Top of Dataset
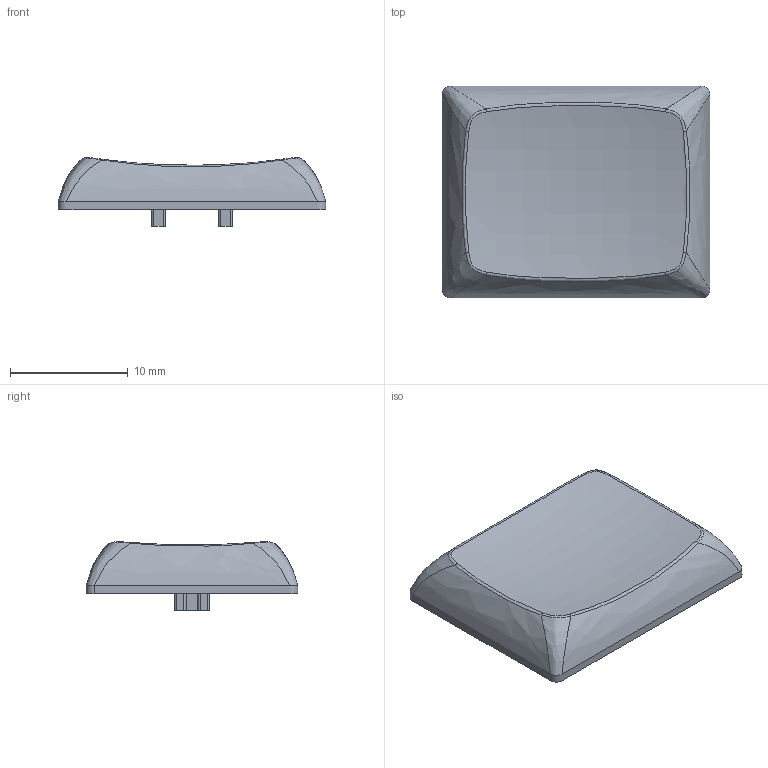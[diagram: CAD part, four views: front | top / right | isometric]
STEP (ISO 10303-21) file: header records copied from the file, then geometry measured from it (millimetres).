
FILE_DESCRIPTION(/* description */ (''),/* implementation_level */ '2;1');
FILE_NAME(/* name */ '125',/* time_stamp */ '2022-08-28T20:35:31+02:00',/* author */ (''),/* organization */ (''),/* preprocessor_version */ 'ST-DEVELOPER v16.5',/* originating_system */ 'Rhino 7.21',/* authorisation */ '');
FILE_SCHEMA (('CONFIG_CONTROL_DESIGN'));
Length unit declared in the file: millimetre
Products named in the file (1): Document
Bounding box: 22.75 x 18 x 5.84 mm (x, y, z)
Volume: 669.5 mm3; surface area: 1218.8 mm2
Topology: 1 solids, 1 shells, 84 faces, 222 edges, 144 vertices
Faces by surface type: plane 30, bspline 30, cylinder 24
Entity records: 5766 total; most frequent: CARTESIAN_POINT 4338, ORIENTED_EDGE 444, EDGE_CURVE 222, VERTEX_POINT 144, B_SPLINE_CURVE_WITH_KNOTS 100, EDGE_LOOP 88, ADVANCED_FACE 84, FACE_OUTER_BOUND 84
Bottom of Dataset
Action item —
Excluding the pictures, transcribe all of the entries exactly.

Response to this exercise —
[diagram: CAD part, four views: front | top / right | isometric]
STEP (ISO 10303-21) file: header records copied from the file, then geometry measured from it (millimetres).
FILE_DESCRIPTION(/* description */ (''),/* implementation_level */ '2;1');
FILE_NAME(/* name */ '125',/* time_stamp */ '2022-08-28T20:35:31+02:00',/* author */ (''),/* organization */ (''),/* preprocessor_version */ 'ST-DEVELOPER v16.5',/* originating_system */ 'Rhino 7.21',/* authorisation */ '');
FILE_SCHEMA (('CONFIG_CONTROL_DESIGN'));
Length unit declared in the file: millimetre
Products named in the file (1): Document
Bounding box: 22.75 x 18 x 5.84 mm (x, y, z)
Volume: 669.5 mm3; surface area: 1218.8 mm2
Topology: 1 solids, 1 shells, 84 faces, 222 edges, 144 vertices
Faces by surface type: plane 30, bspline 30, cylinder 24
Entity records: 5766 total; most frequent: CARTESIAN_POINT 4338, ORIENTED_EDGE 444, EDGE_CURVE 222, VERTEX_POINT 144, B_SPLINE_CURVE_WITH_KNOTS 100, EDGE_LOOP 88, ADVANCED_FACE 84, FACE_OUTER_BOUND 84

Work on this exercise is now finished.